NACE staining was performed on the lung tissue sections on the 3 groups of animals mentioned above to determine neutrophil infiltration in the lung tissue after ALI. Fig 1F shows a representative image of NACE staining performed on lung tissue sections from the three groups of animals with 3 animals per group. NACE staining demonstrated massive neutrophil infiltration into lung tissue after ALI compared to control. Interestingly, as opposed to unaltered neutrophil migration in BALF, baclofen administration after IC deposition markedly inhibited neutrophil infiltration in the lung tissue possibly due to decreased neutrophil trafficking in the lung tissue, decreased neutrophil chemotactic activity in the lung tissue or due to increased rate of neutrophil apoptosis in the lung tissue as seen in Fig 1C. The precise mechanisms underlying decreased neutrophil infiltration in the lung tissue after baclofen administration remains to be determined.

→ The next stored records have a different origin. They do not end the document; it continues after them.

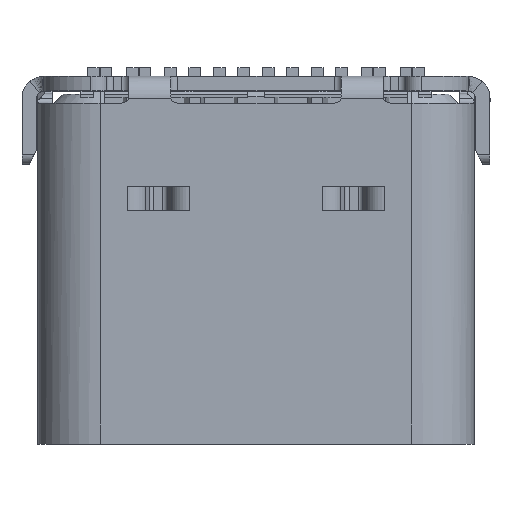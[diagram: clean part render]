
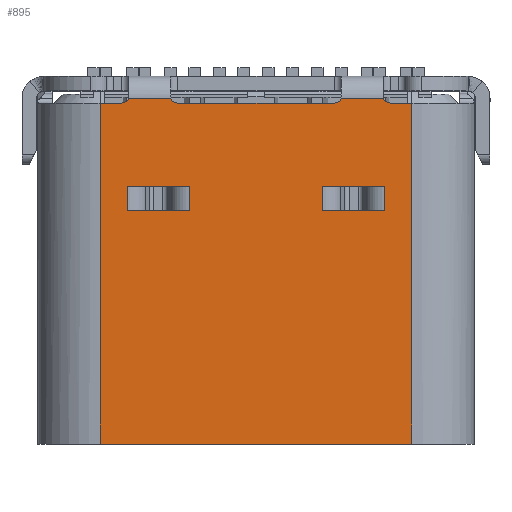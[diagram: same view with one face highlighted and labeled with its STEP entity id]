
A CAD part, top view. The second image highlights one B-rep face of the part: STEP entity #895.
In plain terms, the highlighted planar face has unit normal (0, 0, 1).
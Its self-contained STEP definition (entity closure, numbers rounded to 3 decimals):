
#895=ADVANCED_FACE('',(#2635,#2636,#2637),#2638,.F.);
#2635=FACE_BOUND('',#4754,.T.);
#2636=FACE_BOUND('',#4755,.T.);
#2637=FACE_OUTER_BOUND('',#4756,.T.);
#2638=PLANE('',#4757);
#4754=EDGE_LOOP('',(#11650,#11651,#11652,#11653,#11654,#11655,#11656,#11657));
#4755=EDGE_LOOP('',(#11658,#11659,#11660,#11661,#11662,#11663,#11664,#11665));
#4756=EDGE_LOOP('',(#11666,#11667,#11668,#11669,#11670,#11671,#11672,#11673,#11674,#11675,#11676,#11677));
#4757=AXIS2_PLACEMENT_3D('',#11678,#11679,#11680);
#11650=ORIENTED_EDGE('',*,*,#16829,.F.);
#11651=ORIENTED_EDGE('',*,*,#16830,.F.);
#11652=ORIENTED_EDGE('',*,*,#16831,.F.);
#11653=ORIENTED_EDGE('',*,*,#16642,.F.);
#11654=ORIENTED_EDGE('',*,*,#16832,.F.);
#11655=ORIENTED_EDGE('',*,*,#16833,.F.);
#11656=ORIENTED_EDGE('',*,*,#16834,.T.);
#11657=ORIENTED_EDGE('',*,*,#16645,.F.);
#11658=ORIENTED_EDGE('',*,*,#16574,.F.);
#11659=ORIENTED_EDGE('',*,*,#16835,.F.);
#11660=ORIENTED_EDGE('',*,*,#16836,.F.);
#11661=ORIENTED_EDGE('',*,*,#16837,.F.);
#11662=ORIENTED_EDGE('',*,*,#16577,.F.);
#11663=ORIENTED_EDGE('',*,*,#16838,.F.);
#11664=ORIENTED_EDGE('',*,*,#16839,.F.);
#11665=ORIENTED_EDGE('',*,*,#16840,.T.);
#11666=ORIENTED_EDGE('',*,*,#16841,.F.);
#11667=ORIENTED_EDGE('',*,*,#16842,.T.);
#11668=ORIENTED_EDGE('',*,*,#16586,.F.);
#11669=ORIENTED_EDGE('',*,*,#16827,.T.);
#11670=ORIENTED_EDGE('',*,*,#16777,.T.);
#11671=ORIENTED_EDGE('',*,*,#16843,.F.);
#11672=ORIENTED_EDGE('',*,*,#16763,.F.);
#11673=ORIENTED_EDGE('',*,*,#16437,.T.);
#11674=ORIENTED_EDGE('',*,*,#16844,.F.);
#11675=ORIENTED_EDGE('',*,*,#16845,.T.);
#11676=ORIENTED_EDGE('',*,*,#16766,.F.);
#11677=ORIENTED_EDGE('',*,*,#16441,.T.);
#11678=CARTESIAN_POINT('',(3.19,2.235,1.58));
#11679=DIRECTION('',(0.,0.,-1.0));
#11680=DIRECTION('',(0.,-1.0,0.));
#16437=EDGE_CURVE('',#20636,#20634,#20637,.T.);
#16441=EDGE_CURVE('',#20644,#20642,#20645,.T.);
#16574=EDGE_CURVE('',#20895,#20893,#20897,.T.);
#16577=EDGE_CURVE('',#20900,#20898,#20902,.T.);
#16586=EDGE_CURVE('',#20917,#20919,#20920,.F.);
#16642=EDGE_CURVE('',#21019,#21017,#21021,.T.);
#16645=EDGE_CURVE('',#21024,#21022,#21026,.T.);
#16763=EDGE_CURVE('',#20636,#21236,#21237,.F.);
#16766=EDGE_CURVE('',#20644,#21239,#21241,.F.);
#16777=EDGE_CURVE('',#21261,#21259,#21262,.F.);
#16827=EDGE_CURVE('',#20917,#21261,#21350,.T.);
#16829=EDGE_CURVE('',#21352,#21024,#21353,.T.);
#16830=EDGE_CURVE('',#21354,#21352,#21355,.T.);
#16831=EDGE_CURVE('',#21017,#21354,#21356,.T.);
#16832=EDGE_CURVE('',#21357,#21019,#21358,.T.);
#16833=EDGE_CURVE('',#21359,#21357,#21360,.T.);
#16834=EDGE_CURVE('',#21359,#21022,#21361,.T.);
#16835=EDGE_CURVE('',#21362,#20895,#21363,.T.);
#16836=EDGE_CURVE('',#21364,#21362,#21365,.T.);
#16837=EDGE_CURVE('',#20898,#21364,#21366,.T.);
#16838=EDGE_CURVE('',#21367,#20900,#21368,.T.);
#16839=EDGE_CURVE('',#21369,#21367,#21370,.T.);
#16840=EDGE_CURVE('',#21369,#20893,#21371,.T.);
#16841=EDGE_CURVE('',#21372,#20642,#21373,.T.);
#16842=EDGE_CURVE('',#21372,#20919,#21374,.T.);
#16843=EDGE_CURVE('',#21236,#21259,#21375,.F.);
#16844=EDGE_CURVE('',#21376,#20634,#21377,.T.);
#16845=EDGE_CURVE('',#21376,#21239,#21378,.T.);
#20634=VERTEX_POINT('',#27048);
#20636=VERTEX_POINT('',#27051);
#20637=CIRCLE('',#27052,0.15);
#20642=VERTEX_POINT('',#27058);
#20644=VERTEX_POINT('',#27061);
#20645=CIRCLE('',#27062,0.15);
#20893=VERTEX_POINT('',#27400);
#20895=VERTEX_POINT('',#27403);
#20897=LINE('',#27406,#27407);
#20898=VERTEX_POINT('',#27408);
#20900=VERTEX_POINT('',#27411);
#20902=LINE('',#27414,#27415);
#20917=VERTEX_POINT('',#27434);
#20919=VERTEX_POINT('',#27436);
#20920=LINE('',#27437,#27438);
#21017=VERTEX_POINT('',#27568);
#21019=VERTEX_POINT('',#27571);
#21021=LINE('',#27574,#27575);
#21022=VERTEX_POINT('',#27576);
#21024=VERTEX_POINT('',#27579);
#21026=LINE('',#27582,#27583);
#21236=VERTEX_POINT('',#27866);
#21237=LINE('',#27867,#27868);
#21239=VERTEX_POINT('',#27870);
#21241=LINE('',#27873,#27874);
#21259=VERTEX_POINT('',#27897);
#21261=VERTEX_POINT('',#27899);
#21262=LINE('',#27900,#27901);
#21350=LINE('',#28018,#28019);
#21352=VERTEX_POINT('',#28024);
#21353=LINE('',#28025,#28026);
#21354=VERTEX_POINT('',#28027);
#21355=LINE('',#28028,#28029);
#21356=LINE('',#28030,#28031);
#21357=VERTEX_POINT('',#28032);
#21358=LINE('',#28033,#28034);
#21359=VERTEX_POINT('',#28035);
#21360=LINE('',#28036,#28037);
#21361=LINE('',#28038,#28039);
#21362=VERTEX_POINT('',#28040);
#21363=LINE('',#28041,#28042);
#21364=VERTEX_POINT('',#28043);
#21365=LINE('',#28044,#28045);
#21366=LINE('',#28046,#28047);
#21367=VERTEX_POINT('',#28048);
#21368=LINE('',#28049,#28050);
#21369=VERTEX_POINT('',#28051);
#21370=LINE('',#28052,#28053);
#21371=LINE('',#28054,#28055);
#21372=VERTEX_POINT('',#28056);
#21373=LINE('',#28057,#28058);
#21374=CIRCLE('',#28059,0.15);
#21375=LINE('',#28060,#28061);
#21376=VERTEX_POINT('',#28062);
#21377=LINE('',#28063,#28064);
#21378=CIRCLE('',#28065,0.15);
#27048=CARTESIAN_POINT('',(2.609,2.335,1.58));
#27051=CARTESIAN_POINT('',(2.75,2.235,1.58));
#27052=AXIS2_PLACEMENT_3D('',#31967,#31968,#31969);
#27058=CARTESIAN_POINT('',(-1.741,2.335,1.58));
#27061=CARTESIAN_POINT('',(-1.6,2.235,1.58));
#27062=AXIS2_PLACEMENT_3D('',#31975,#31976,#31977);
#27400=CARTESIAN_POINT('',(-1.36,0.037,1.58));
#27403=CARTESIAN_POINT('',(-1.36,0.035,1.58));
#27406=CARTESIAN_POINT('',(-1.36,0.035,1.58));
#27407=VECTOR('',#32190,1000.0);
#27408=CARTESIAN_POINT('',(-2.64,0.533,1.58));
#27411=CARTESIAN_POINT('',(-2.64,0.535,1.58));
#27414=CARTESIAN_POINT('',(-2.64,0.535,1.58));
#27415=VECTOR('',#32193,1000.0);
#27434=CARTESIAN_POINT('',(-3.19,2.235,1.58));
#27436=CARTESIAN_POINT('',(-2.75,2.235,1.58));
#27437=CARTESIAN_POINT('',(3.19,2.235,1.58));
#27438=VECTOR('',#32210,1000.0);
#27568=CARTESIAN_POINT('',(1.36,0.533,1.58));
#27571=CARTESIAN_POINT('',(1.36,0.535,1.58));
#27574=CARTESIAN_POINT('',(1.36,0.535,1.58));
#27575=VECTOR('',#32306,1000.0);
#27576=CARTESIAN_POINT('',(2.64,0.037,1.58));
#27579=CARTESIAN_POINT('',(2.64,0.035,1.58));
#27582=CARTESIAN_POINT('',(2.64,0.035,1.58));
#27583=VECTOR('',#32309,1000.0);
#27866=CARTESIAN_POINT('',(3.19,2.235,1.58));
#27867=CARTESIAN_POINT('',(3.19,2.235,1.58));
#27868=VECTOR('',#32527,1000.0);
#27870=CARTESIAN_POINT('',(1.6,2.235,1.58));
#27873=CARTESIAN_POINT('',(3.19,2.235,1.58));
#27874=VECTOR('',#32532,1000.0);
#27897=CARTESIAN_POINT('',(3.19,-4.745,1.58));
#27899=CARTESIAN_POINT('',(-3.19,-4.745,1.58));
#27900=CARTESIAN_POINT('',(3.19,-4.745,1.58));
#27901=VECTOR('',#32553,1000.0);
#28018=CARTESIAN_POINT('',(-3.19,2.235,1.58));
#28019=VECTOR('',#32649,1000.0);
#28024=CARTESIAN_POINT('',(1.36,0.035,1.58));
#28025=CARTESIAN_POINT('',(1.36,0.035,1.58));
#28026=VECTOR('',#32650,1000.0);
#28027=CARTESIAN_POINT('',(1.36,0.037,1.58));
#28028=CARTESIAN_POINT('',(1.36,0.535,1.58));
#28029=VECTOR('',#32651,1000.0);
#28030=CARTESIAN_POINT('',(1.36,0.533,1.58));
#28031=VECTOR('',#32652,1000.0);
#28032=CARTESIAN_POINT('',(2.64,0.535,1.58));
#28033=CARTESIAN_POINT('',(2.64,0.535,1.58));
#28034=VECTOR('',#32653,1000.0);
#28035=CARTESIAN_POINT('',(2.64,0.533,1.58));
#28036=CARTESIAN_POINT('',(2.64,0.035,1.58));
#28037=VECTOR('',#32654,1000.0);
#28038=CARTESIAN_POINT('',(2.64,0.533,1.58));
#28039=VECTOR('',#32655,1000.0);
#28040=CARTESIAN_POINT('',(-2.64,0.035,1.58));
#28041=CARTESIAN_POINT('',(-2.64,0.035,1.58));
#28042=VECTOR('',#32656,1000.0);
#28043=CARTESIAN_POINT('',(-2.64,0.037,1.58));
#28044=CARTESIAN_POINT('',(-2.64,0.535,1.58));
#28045=VECTOR('',#32657,1000.0);
#28046=CARTESIAN_POINT('',(-2.64,0.533,1.58));
#28047=VECTOR('',#32658,1000.0);
#28048=CARTESIAN_POINT('',(-1.36,0.535,1.58));
#28049=CARTESIAN_POINT('',(-1.36,0.535,1.58));
#28050=VECTOR('',#32659,1000.0);
#28051=CARTESIAN_POINT('',(-1.36,0.533,1.58));
#28052=CARTESIAN_POINT('',(-1.36,0.035,1.58));
#28053=VECTOR('',#32660,1000.0);
#28054=CARTESIAN_POINT('',(-1.36,0.533,1.58));
#28055=VECTOR('',#32661,1000.0);
#28056=CARTESIAN_POINT('',(-2.609,2.335,1.58));
#28057=CARTESIAN_POINT('',(-2.609,2.335,1.58));
#28058=VECTOR('',#32662,1000.0);
#28059=AXIS2_PLACEMENT_3D('',#32663,#32664,#32665);
#28060=CARTESIAN_POINT('',(3.19,2.235,1.58));
#28061=VECTOR('',#32666,1000.0);
#28062=CARTESIAN_POINT('',(1.741,2.335,1.58));
#28063=CARTESIAN_POINT('',(-2.609,2.335,1.58));
#28064=VECTOR('',#32667,1000.0);
#28065=AXIS2_PLACEMENT_3D('',#32668,#32669,#32670);
#31967=CARTESIAN_POINT('',(2.75,2.385,1.58));
#31968=DIRECTION('',(0.,0.,-1.0));
#31969=DIRECTION('',(1.0,0.,0.));
#31975=CARTESIAN_POINT('',(-1.6,2.385,1.58));
#31976=DIRECTION('',(0.,0.,-1.0));
#31977=DIRECTION('',(1.0,0.,0.));
#32190=DIRECTION('',(0.,1.0,0.));
#32193=DIRECTION('',(0.,-1.0,0.));
#32210=DIRECTION('',(-1.0,0.,0.));
#32306=DIRECTION('',(0.,-1.0,0.));
#32309=DIRECTION('',(0.,1.0,0.));
#32527=DIRECTION('',(-1.0,0.,0.));
#32532=DIRECTION('',(-1.0,0.,0.));
#32553=DIRECTION('',(-1.0,0.,0.));
#32649=DIRECTION('',(0.,-1.0,0.));
#32650=DIRECTION('',(1.0,0.,0.));
#32651=DIRECTION('',(0.,-1.0,0.));
#32652=DIRECTION('',(0.,-1.0,0.));
#32653=DIRECTION('',(-1.0,0.,0.));
#32654=DIRECTION('',(0.,1.0,0.));
#32655=DIRECTION('',(0.,-1.0,0.));
#32656=DIRECTION('',(1.0,0.,0.));
#32657=DIRECTION('',(0.,-1.0,0.));
#32658=DIRECTION('',(0.,-1.0,0.));
#32659=DIRECTION('',(-1.0,0.,0.));
#32660=DIRECTION('',(0.,1.0,0.));
#32661=DIRECTION('',(0.,-1.0,0.));
#32662=DIRECTION('',(1.0,0.,0.));
#32663=CARTESIAN_POINT('',(-2.75,2.385,1.58));
#32664=DIRECTION('',(0.,0.,-1.0));
#32665=DIRECTION('',(-1.0,0.,0.));
#32666=DIRECTION('',(0.,1.0,0.));
#32667=DIRECTION('',(1.0,0.,0.));
#32668=CARTESIAN_POINT('',(1.6,2.385,1.58));
#32669=DIRECTION('',(0.,0.,-1.0));
#32670=DIRECTION('',(1.0,0.,0.));

Baclofen inhibits pulmonary TNF-α expression in lung injured animals

While we have not identified the cellular target of baclofen, we examined changes in pro-inflammatory mediator TNF-α in the control lung tissue and in the injured lung tissue before and after baclofen treatment. Fig 2A and 2B demonstrates that compared to the control lung tissue, TNF-α expression was markedly increased in the lung tissue after ALI and this was significantly blocked by baclofen administration suggesting a global baclofen effect on the injured lung tissue and confirming the therapeutic potential of baclofen in ALI. Four animals were used in each of the three groups tested.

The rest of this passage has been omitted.